Sports shop sells iron-on St George's cross for England fans buying controversial kit

Fans expressed their anger when Nike revealed it had changed the George Cross by adding purple and blue horizontal stripes.

Fans can purchase an iron-on St George's Flag for £4.95. (SWNS)
Fans can purchase an iron-on St George's Flag for £4.95. (SWNS)

England fans who do not like the new multicoloured flag on the latest kit can now buy an iron-on St George's cross to cover it up.

Nike revealed it had changed the George Cross by adding purple and blue horizontal stripes in a "playful update" when the strip was released this week.

A petition with over 15,000 signatures has been created, calling for Nike to reinstate the original design.

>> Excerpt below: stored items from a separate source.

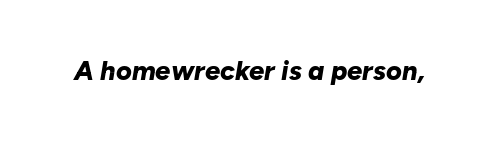
Q: Is the text bold? A: Yes.
Q: Is the text italic (slanted)? A: Yes, it leans right by about 10 degrees.
Q: Is the text underlined? A: No.
Q: Is the spacing between letters normal or unusually wide? A: Normal.
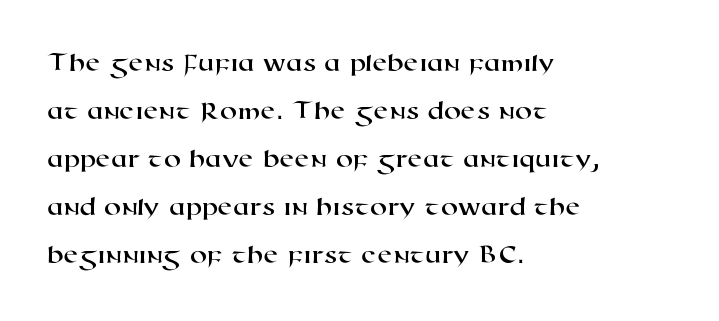
Notice how the passage keeps a crisp vertical edge on the left only. Observe the ordinary spacing: letters are neighbours, not strangers. Honestly, there is no underline to notice here at all.
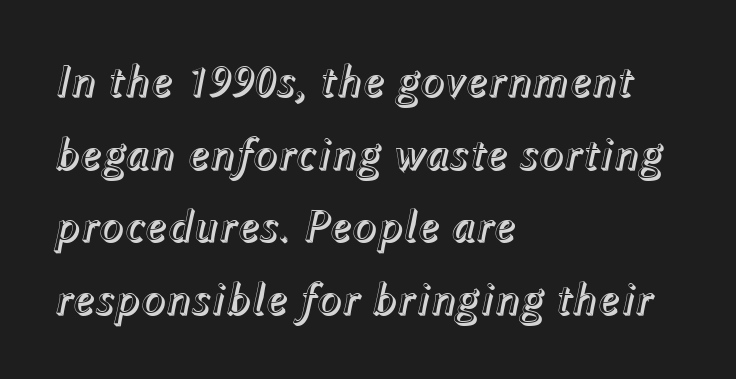
{"italic": "yes", "lean": "right", "slant_degrees": 12, "width": "normal", "x_height": "medium", "monospaced": "no", "underline": "no", "align": "left", "line_spacing": "normal", "line_spacing_ratio": 1.58, "letter_spacing": "normal", "letter_spacing_em": 0.0, "glyph_px": 46}
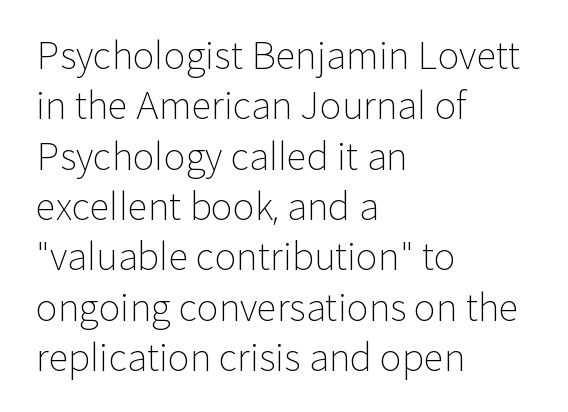
The passage shown stacks its lines at a standard gap. A typesetter would call this proportional, since set widths differ per character. Unmarked baselines from the first word to the last. Style check: upright. Nope, no serifs anywhere on these letters.
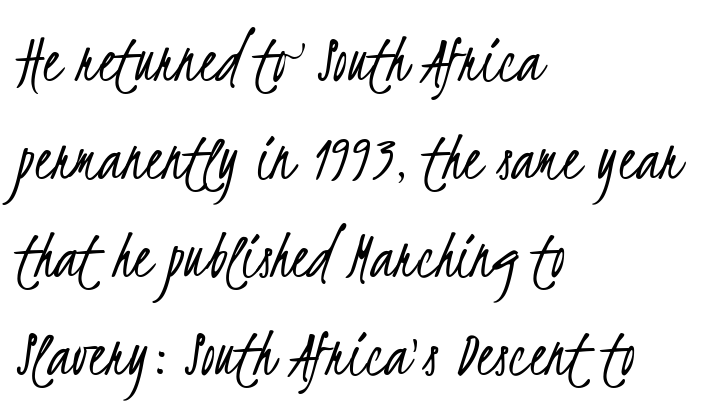
The image shows 70 px light, condensed sans-serif type; set left-aligned, normal line spacing (1.4x), normal letter spacing, not underlined; low stroke contrast and a small x-height.
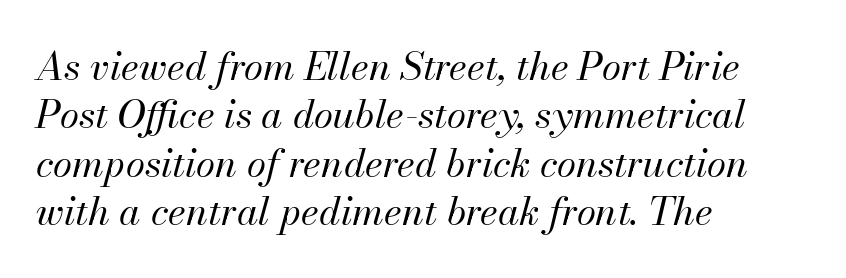
Think of a printed novel: that variable character pitch is what you see here. Underline: absent. The rendering keeps characters at their native spacing. Quick note: italic. Where is the straight margin? On the left.
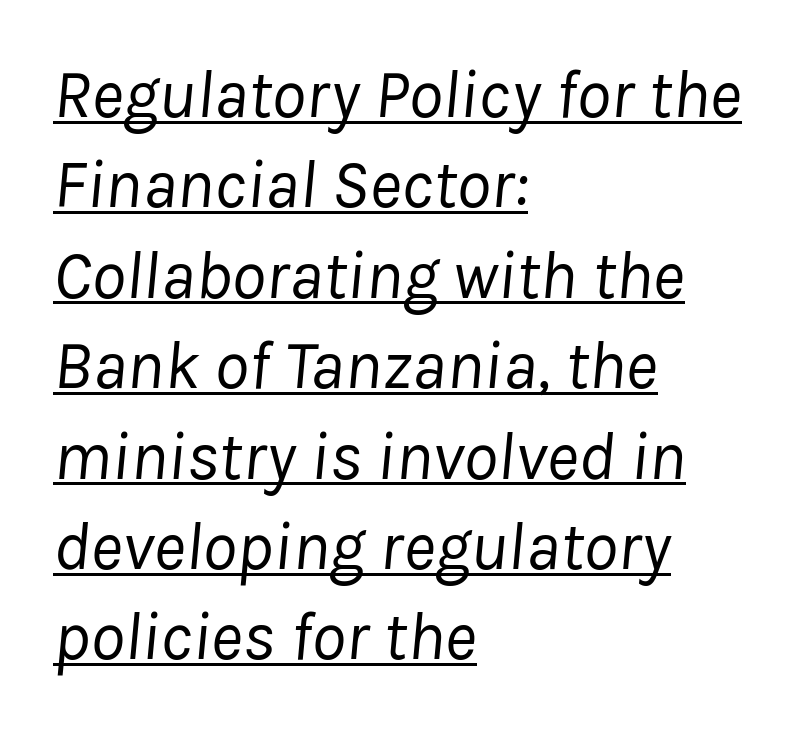
{"italic": "yes", "lean": "right", "slant_degrees": 8, "bold": "no", "weight": "regular", "width": "normal", "stroke_contrast": "low", "x_height": "medium", "monospaced": "no", "underline": "yes", "align": "left", "line_spacing": "normal", "line_spacing_ratio": 1.31, "letter_spacing": "normal", "letter_spacing_em": 0.0, "glyph_px": 69}
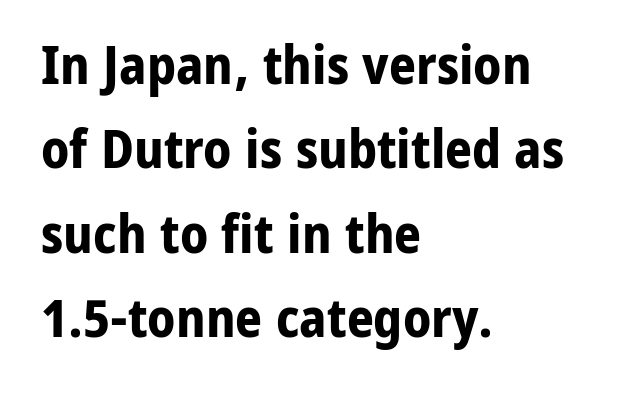
Compared with a centered layout, this one pins lines to the left instead. Rendered with straight, roman letterforms. The face used here is proportionally spaced, like ordinary book or web type. Does extra space separate the letters? No, they use regular spacing. Rule under the text: the space is simply empty.

Prime Minister Rishi Sunak has chimed in stating that the flag should not be tampered with, while opposition leader Keir Starmer has gone so far as to suggest the entire kit should be recalled.

As the controversy rumbles on, a sports shop in Stourbridge in the West Midlands, has said it has started selling traditional red and white George Cross transfers for £4.95 so that fans can to cover up the Nike version.

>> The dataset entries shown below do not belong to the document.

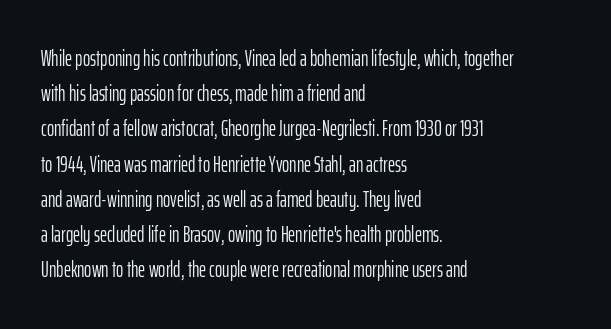
{"italic": "no", "bold": "no", "underline": "no", "align": "left", "line_spacing": "normal", "line_spacing_ratio": 1.6, "letter_spacing": "normal", "letter_spacing_em": 0.0, "glyph_px": 22}
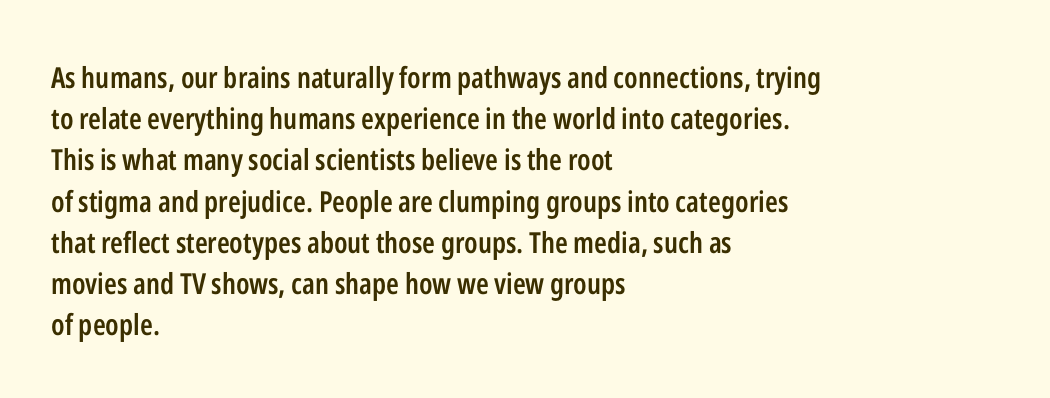
Q: Is the text bold? A: Semi-bold.
Q: Is the text italic (slanted)? A: No, it is upright.
Q: Is the typeface a serif or a sans-serif typeface? A: Sans-serif.
Q: Is the text underlined? A: No.
Q: How is the paragraph aligned? A: Left-aligned.
Q: Is the spacing between letters normal or unusually wide? A: Normal.
Q: Is the spacing between lines tight, normal or loose? A: Normal.
Q: Width (condensed, normal, or wide)? A: Condensed.
Q: Stroke contrast? A: Low.
Q: x-height? A: Medium.
Q: Monospaced? A: No.
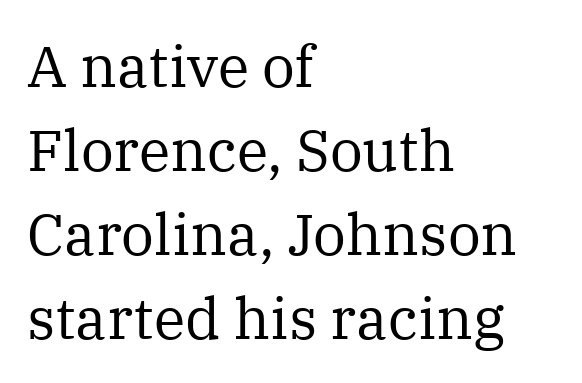
{"serif": "yes", "italic": "no", "bold": "no", "weight": "regular", "width": "normal", "stroke_contrast": "medium", "x_height": "medium", "monospaced": "no", "underline": "no", "align": "left", "line_spacing": "normal", "line_spacing_ratio": 1.45, "letter_spacing": "normal", "letter_spacing_em": 0.0, "glyph_px": 58}
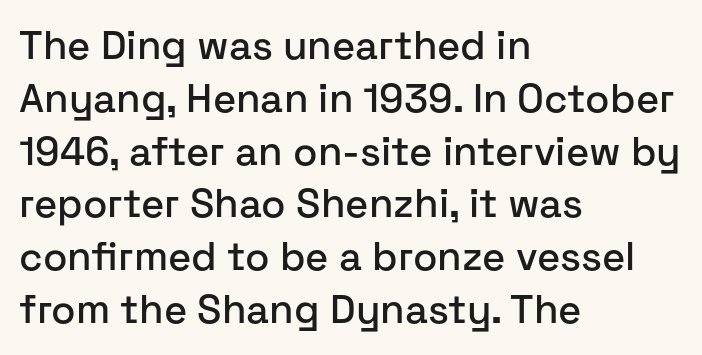
Q: Is the text italic (slanted)? A: No, it is upright.
Q: Is the typeface a serif or a sans-serif typeface? A: Sans-serif.
Q: Is the text underlined? A: No.
Q: How is the paragraph aligned? A: Left-aligned.
Q: Is the spacing between letters normal or unusually wide? A: Normal.
Q: Is the spacing between lines tight, normal or loose? A: Normal.
Q: Width (condensed, normal, or wide)? A: Normal.
Q: Stroke contrast? A: Low.
Q: x-height? A: Medium.
Q: Monospaced? A: No.
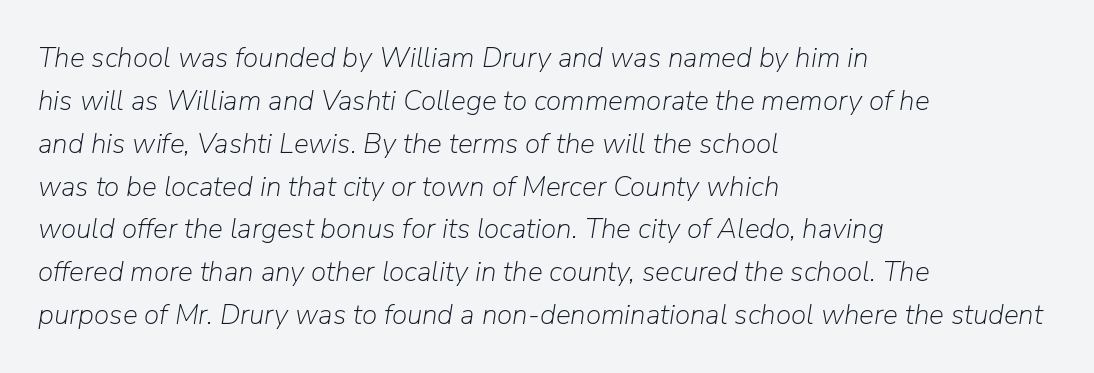
{"italic": "yes", "lean": "right", "slant_degrees": 9, "bold": "no", "weight": "light", "width": "normal", "stroke_contrast": "low", "x_height": "medium", "monospaced": "no", "underline": "no", "align": "left", "line_spacing": "normal", "line_spacing_ratio": 1.53, "letter_spacing": "normal", "letter_spacing_em": 0.0, "glyph_px": 28}
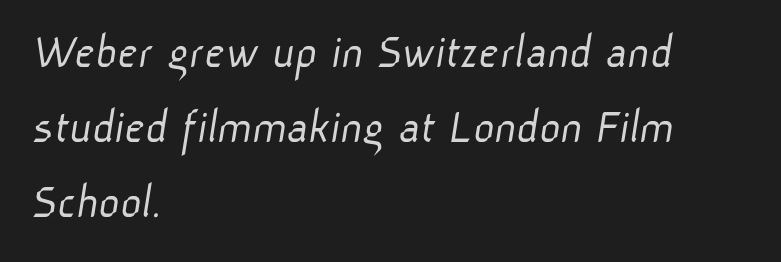
Is the stroke heavy? The answer is a plain regular-or-lighter. Normally led — the rows are evenly, conventionally spaced. Rule under the text: the space is simply empty. Think of a printed novel: that variable character pitch is what you see here.
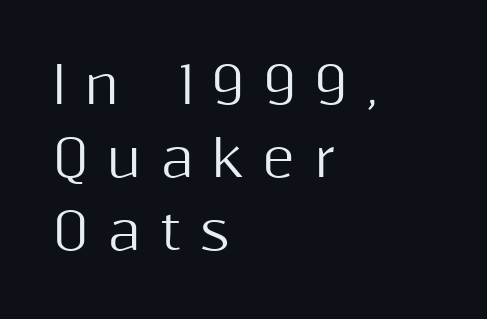
Q: Is the text italic (slanted)? A: No, it is upright.
Q: Is the typeface a serif or a sans-serif typeface? A: Sans-serif.
Q: Is the text underlined? A: No.
Q: How is the paragraph aligned? A: Left-aligned.
Q: Is the spacing between letters normal or unusually wide? A: Unusually wide.
Q: Is the spacing between lines tight, normal or loose? A: Normal.
Q: Width (condensed, normal, or wide)? A: Normal.
Q: Stroke contrast? A: Medium.
Q: x-height? A: Medium.
Q: Monospaced? A: No.
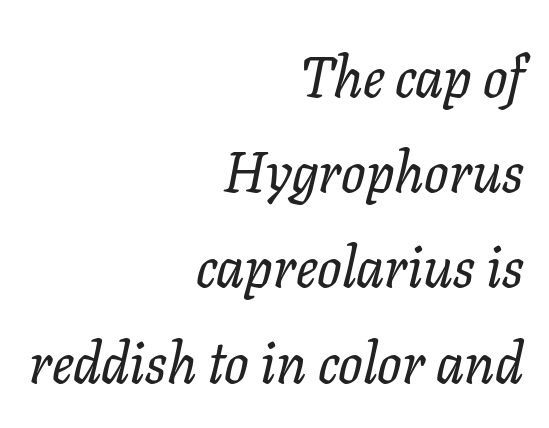
{"serif": "yes", "italic": "yes", "lean": "right", "slant_degrees": 11, "width": "normal", "stroke_contrast": "low", "x_height": "medium", "monospaced": "no", "underline": "no", "align": "right", "line_spacing": "normal", "line_spacing_ratio": 1.67, "letter_spacing": "normal", "letter_spacing_em": 0.0, "glyph_px": 57}

The Sports Shop director Grant Walters, 33, said: "For me, I don't think any national flag should be changed. We're providing a solution for people. If it helps out, we're also raising money for charity. It's more about a solution to a problem.”

Racks of England's new Nike designed football shirt, with the controversial St George's cross, are displayed for sale in a central London store on March 22, 2024. British Prime Minister Rishi Sunak on Friday waded into a row over a new England football shirt sold by Nike that changes the colours of the St George's Cross, saying
England's new Nike designed football shirt, with the controversial St George's cross on the collar. (Getty Images)

However, Walters admitted he was a fan of the new design, adding: "It's a take on the colours from the 1966 training top. I appreciate good design.

"I think the new designed kits are brilliant - some of the best kits we've had in a long time. Obviously there's a demand for people that prefer a traditional St George on the back."

The £4.95 transfers come in all different sizes, for each size of tops, and Grant doesn't charge delivery for those bought online. A pound from every sale will be donated to Birmingham Children's Hospital.

A 'tribute' to the past

The FA has defended the new shirt design, saying that it was “not the first time” that different coloured St George’s Cross-inspired designs have appeared on England shirts.

“The new England 2024 home kit has a number of design elements which were meant as a tribute to the 1966 World Cup-winning team,” a spokesperson said.

“The coloured trim on the cuffs is inspired by the training gear worn by England’s 1966 heroes, and the same colours also feature on the design on the back of the collar. It is not the first time that different coloured St George’s Cross-inspired designs have been used on England shirts.

“We are very proud of the red and white St George’s cross – the England flag.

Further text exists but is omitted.